→ WORK ITEM: Print all the records below exactly as they stand, but leave out the pictures.

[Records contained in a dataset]
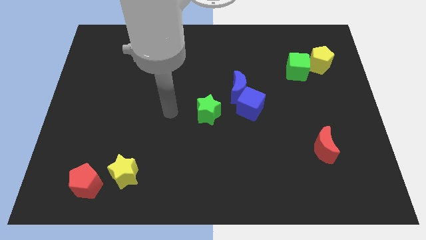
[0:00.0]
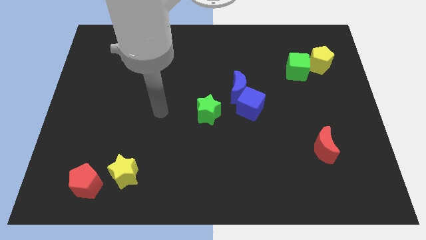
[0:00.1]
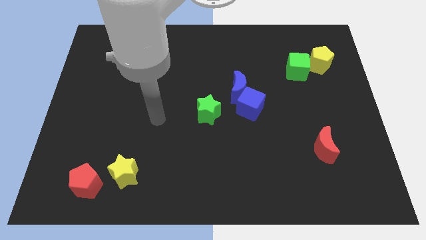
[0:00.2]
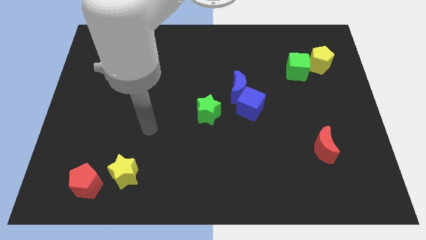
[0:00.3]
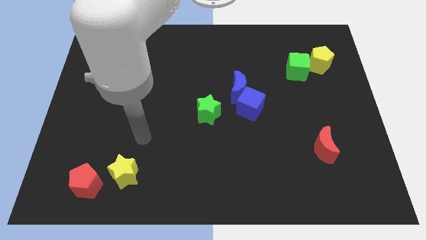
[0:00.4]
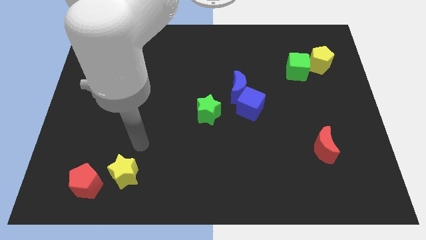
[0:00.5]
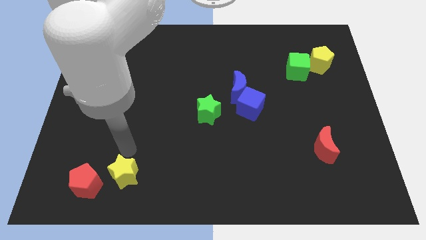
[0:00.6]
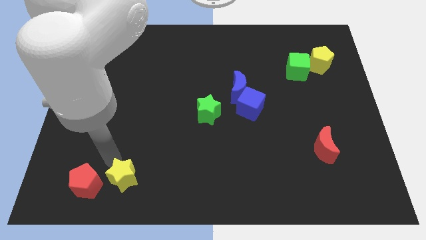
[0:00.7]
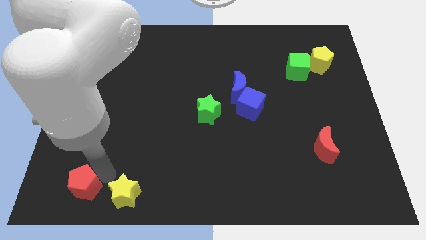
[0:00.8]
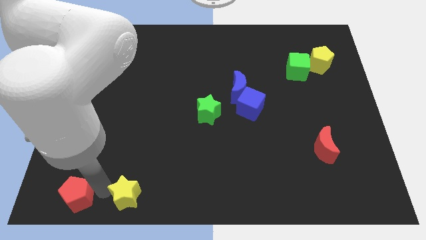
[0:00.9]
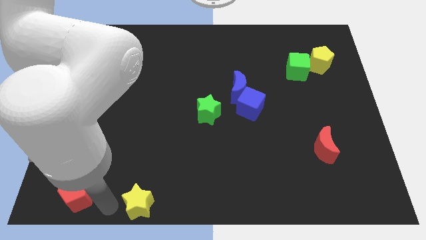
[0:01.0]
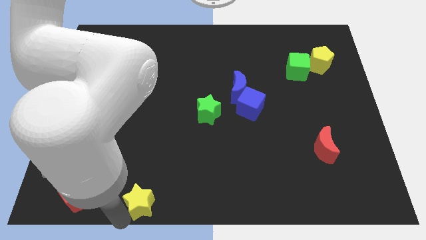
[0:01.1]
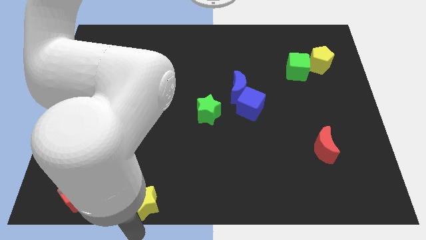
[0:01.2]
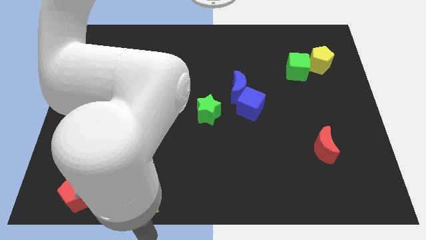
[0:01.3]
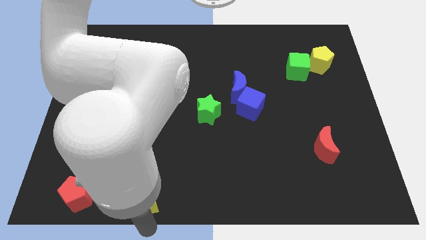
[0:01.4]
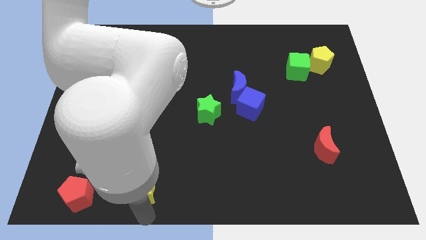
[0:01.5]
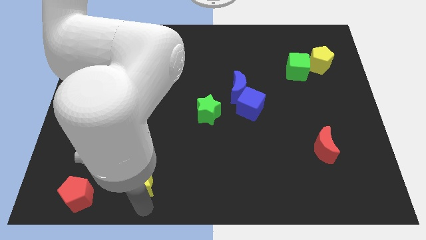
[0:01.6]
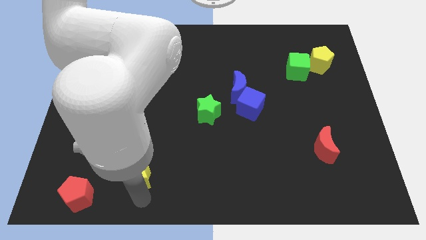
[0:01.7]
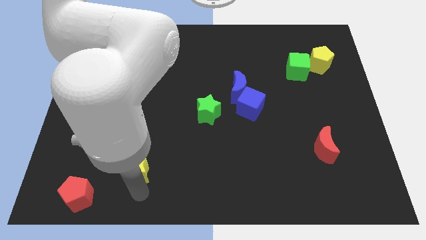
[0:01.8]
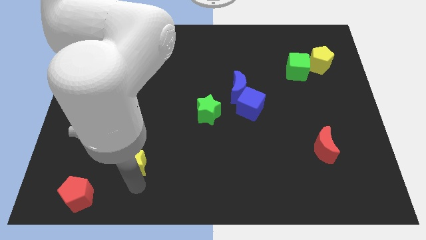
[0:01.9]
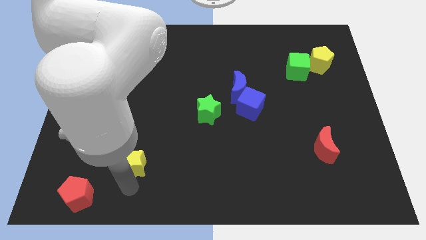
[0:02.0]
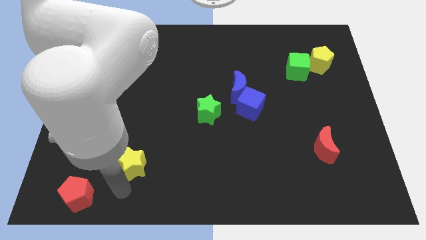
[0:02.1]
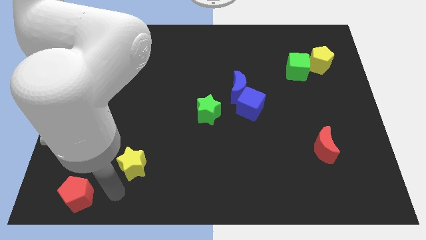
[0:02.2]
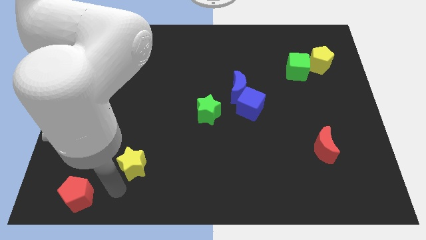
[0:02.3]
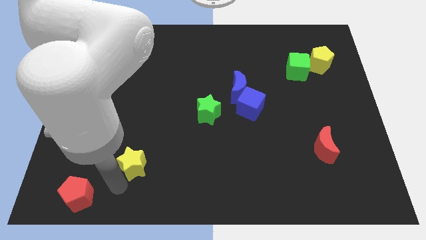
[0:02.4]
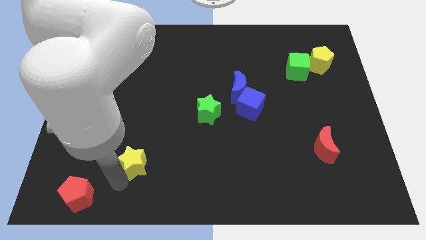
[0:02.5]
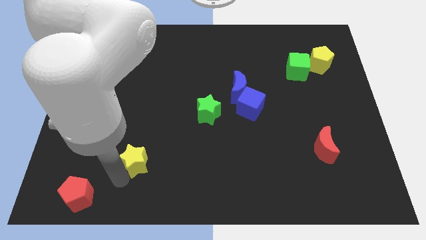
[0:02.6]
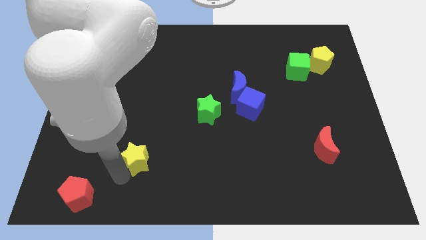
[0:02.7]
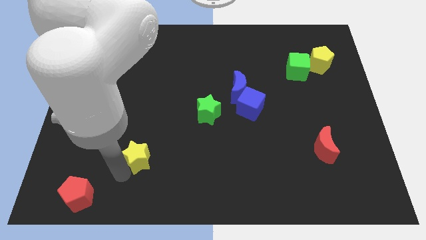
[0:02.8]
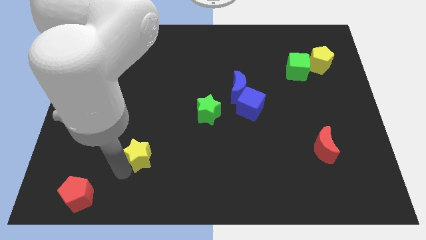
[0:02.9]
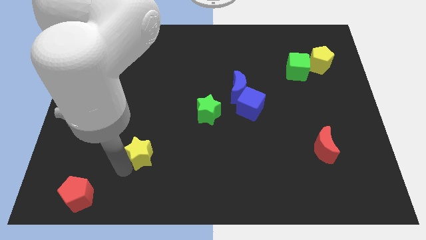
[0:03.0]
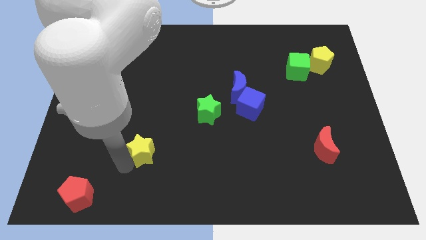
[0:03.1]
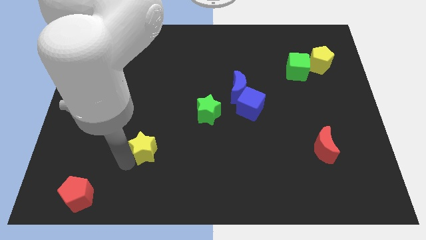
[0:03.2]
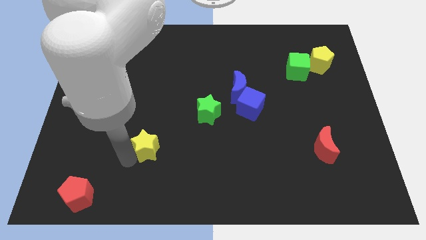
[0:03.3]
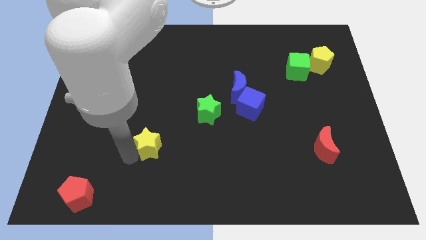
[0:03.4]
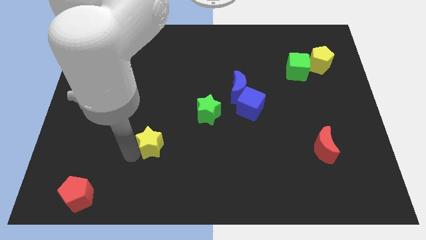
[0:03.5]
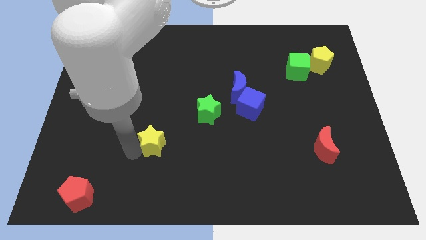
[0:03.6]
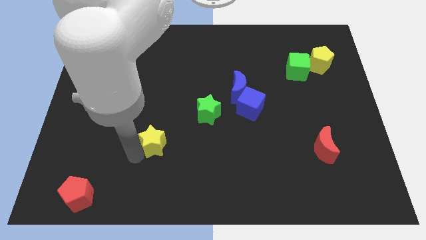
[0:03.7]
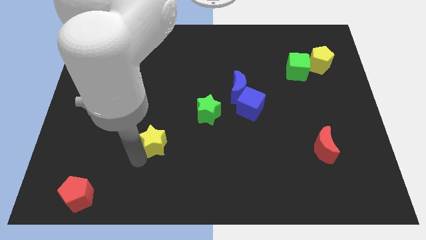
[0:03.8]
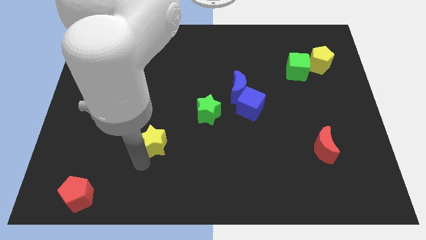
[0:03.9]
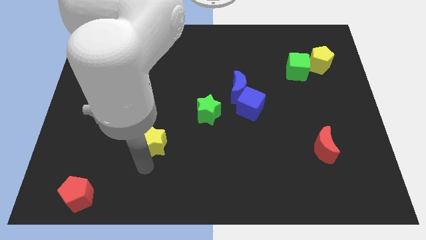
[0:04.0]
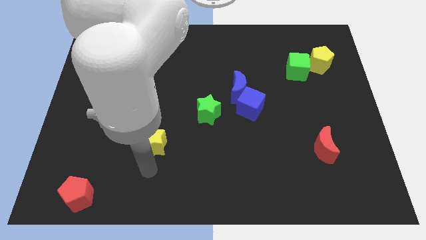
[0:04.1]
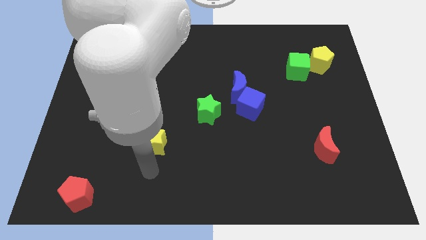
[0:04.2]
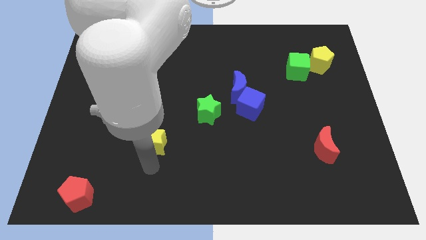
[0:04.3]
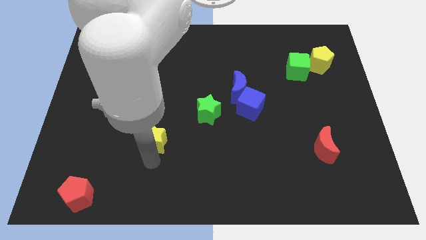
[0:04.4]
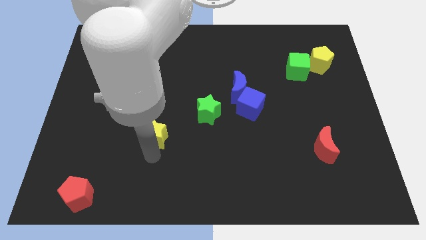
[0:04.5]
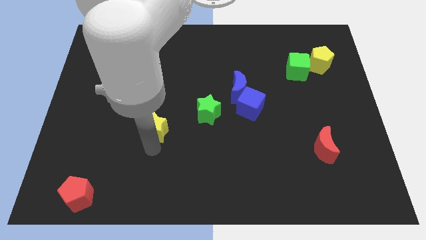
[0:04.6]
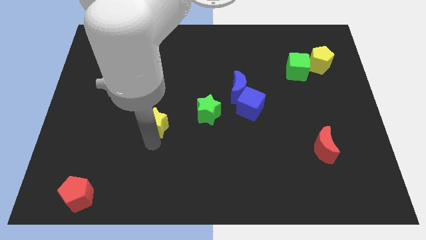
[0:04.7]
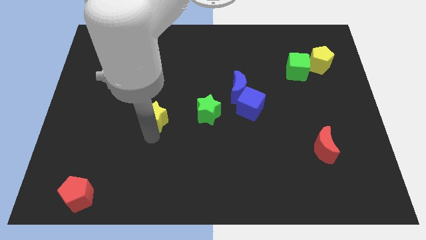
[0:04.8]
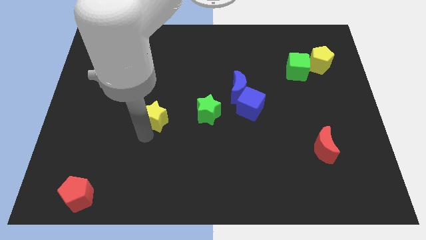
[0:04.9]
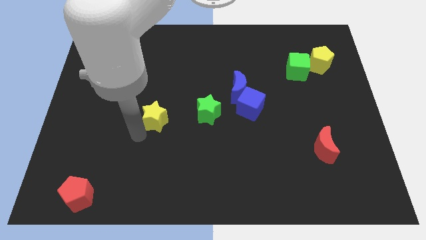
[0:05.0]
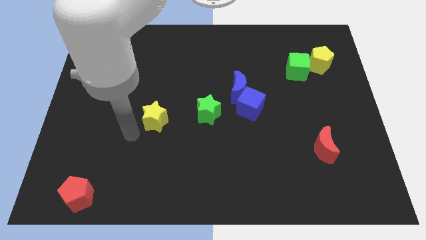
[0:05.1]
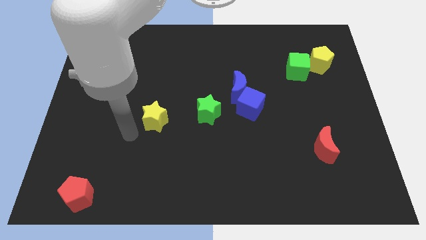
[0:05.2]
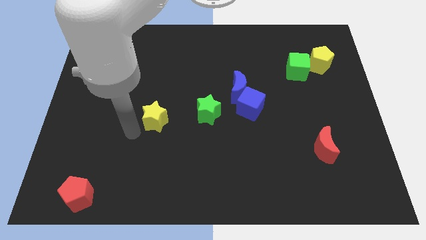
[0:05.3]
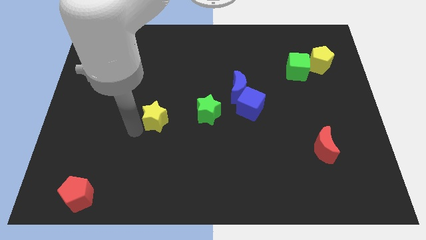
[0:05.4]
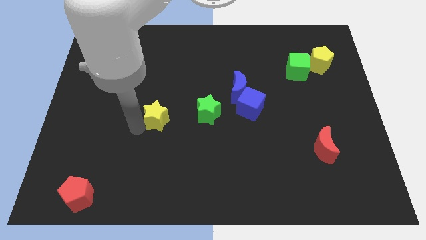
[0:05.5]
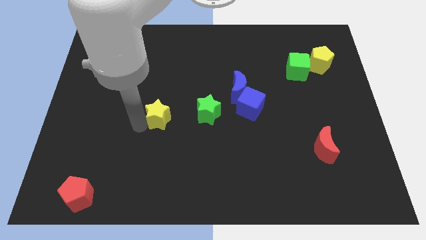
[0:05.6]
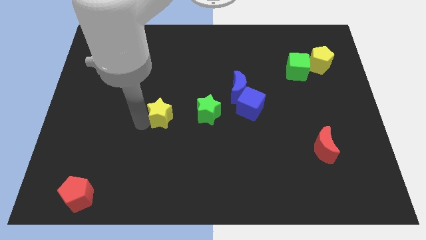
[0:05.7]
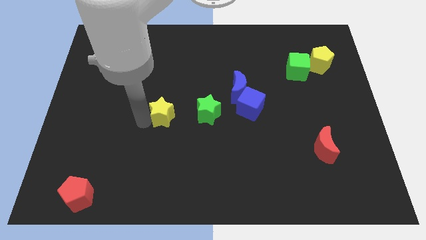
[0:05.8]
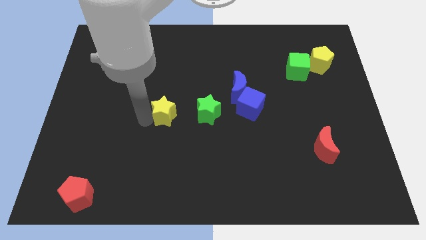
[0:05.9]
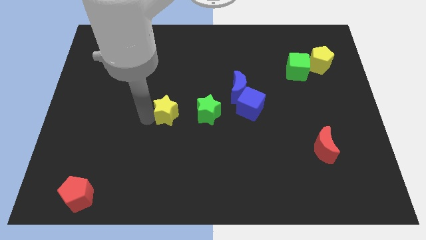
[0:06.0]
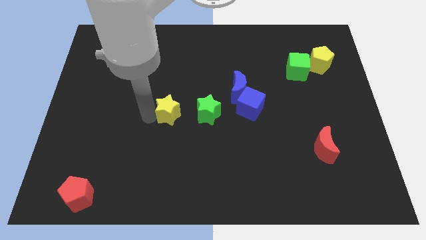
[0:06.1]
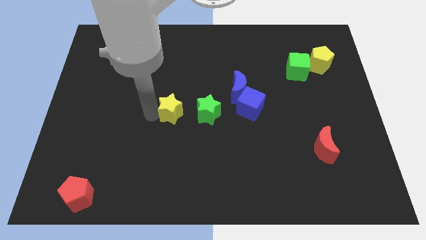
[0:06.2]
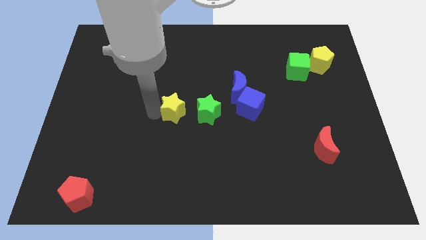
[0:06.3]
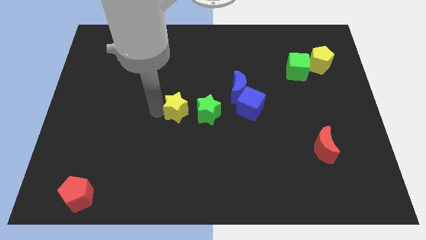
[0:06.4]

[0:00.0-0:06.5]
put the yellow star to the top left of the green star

→ EXERCISE RESPONSE:
[0:00.0]
[0:00.1]
[0:00.2]
[0:00.3]
[0:00.4]
[0:00.5]
[0:00.6]
[0:00.7]
[0:00.8]
[0:00.9]
[0:01.0]
[0:01.1]
[0:01.2]
[0:01.3]
[0:01.4]
[0:01.5]
[0:01.6]
[0:01.7]
[0:01.8]
[0:01.9]
[0:02.0]
[0:02.1]
[0:02.2]
[0:02.3]
[0:02.4]
[0:02.5]
[0:02.6]
[0:02.7]
[0:02.8]
[0:02.9]
[0:03.0]
[0:03.1]
[0:03.2]
[0:03.3]
[0:03.4]
[0:03.5]
[0:03.6]
[0:03.7]
[0:03.8]
[0:03.9]
[0:04.0]
[0:04.1]
[0:04.2]
[0:04.3]
[0:04.4]
[0:04.5]
[0:04.6]
[0:04.7]
[0:04.8]
[0:04.9]
[0:05.0]
[0:05.1]
[0:05.2]
[0:05.3]
[0:05.4]
[0:05.5]
[0:05.6]
[0:05.7]
[0:05.8]
[0:05.9]
[0:06.0]
[0:06.1]
[0:06.2]
[0:06.3]
[0:06.4]

[0:00.0-0:06.5]
put the yellow star to the top left of the green star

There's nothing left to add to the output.